We must never let the weight of this combination endanger our liberties or democratic processes. We should take nothing for granted. Only an alert and knowledgeable citizenry can compel the proper meshing of the huge industrial and military machinery of defense with our peaceful methods and goals, so that security and liberty may prosper together."
There were other warnings too. Here's Louis Brandeis, U.S. Supreme Court Justice, in 1941:
“We can have democracy in this country or we can have great wealth concentrated in the hands of a few, but we cannot have both.”
Here's Huey Long, who won fame by taking on the powerful Standard Oil Company, which he sued for unfair business practices:
“When fascism comes to America, it will come wrapped in an American flag.”


Bukko_in_Australia said...

Gandhi, some of us consider that Bush the First effectively WAS the president of the U.S. from the 1981 Hinckley assassination attempt on through the end of St. Ronnie's term. The clueless, increasingly senile Ray-gun was the affable figurehead who got his say in the few areas that interested him, but left the nuts and bolts of actually running things to the detail-oriented vice president. Sound familiar?

FWIW, I shook Bush the First's hand once. It was in 1980, while he was campaigning for the prezznitial nomination. I was a young reporter for my college newspaper, and I went to cover a campaign event close to campus, in part for a story and in (larger) part because they always had a lot of good free food at those things. I stood in the receiving line to press flesh and ask some inconsequential question, to which he gave a forgettable non-answer. I didn't see any mark of the Beast on him, or gunpowder residue from the JFK killing, but I wasn't as sensitised to such things then. At the time, I thought he was a fairly nice, sensible guy, in contrast to the scary, war-mongering Reagan.

gandhi said...

Bukko, that is pretty funny! What would you do NOW, knowing what you know?

Like the neocons always say these days: hindsight is a marvellous thing!
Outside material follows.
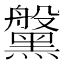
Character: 𪒀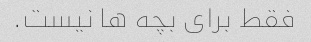
فقط برای بچه ها نیست.
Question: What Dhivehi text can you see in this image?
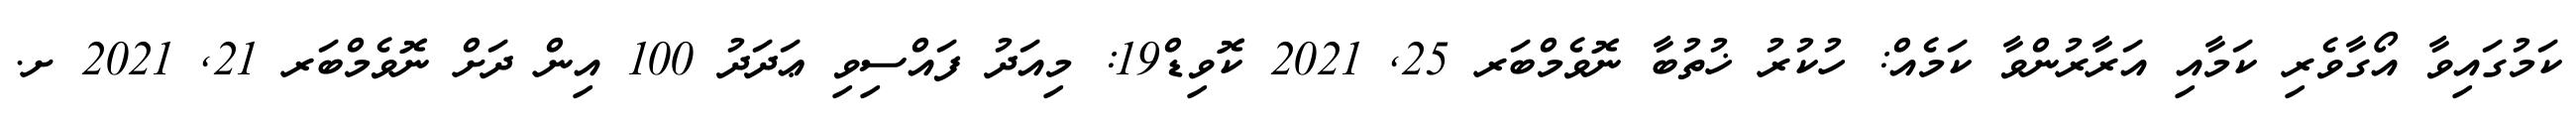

I remember being horrified when the USA chose Reagan as Prez. I was still in high school, but even I could see he was an abyssmally bad choice. The media kept trying to sell him as a good, decent man who would hold Washington accountable to Teh People, but even I could see (fifteen years old, living in Australia, with minimal interest in politics!) that was bullshit.

And this has-been movie star is now the Gold Standard for US Presidents???? Puh-lease!!!

Bukko_in_Australia said...

Know what you mean about being shocked by Reagan. When he started getting seriously scary about starting the War to End All Worlds, I literally bought 50 1-ounce gold coins (Canadian Maple Leafs, because kruegerrands were unclean back then) and buried them in my yard. In case it all went up, ya know, and we went back to a pre-industrial civilisation.

Then the info about nuclear winter began coming out. The yard in which I buried this gold was a cabin I owned on the shoreline of Lake Superior. Beautiful tree-fringed place on a majestic freshwater inland sea, but it was colder than a monkey's tit, or a witches' brass balls, or something like that. More than two metres of snow each winter, which lasted from September through May. To think of nuclear winter on top of that? I gave up on survivalistic thinking and decided I'd just have to die with everyone else...

P.S. If I could ask Bush I just one question, it would be "Are you ashamed of your grandfather, the Nazi financier?" I'd choose the gramps, because I'm sure he's been asked for his shame level re: the misbegotten son too many times already.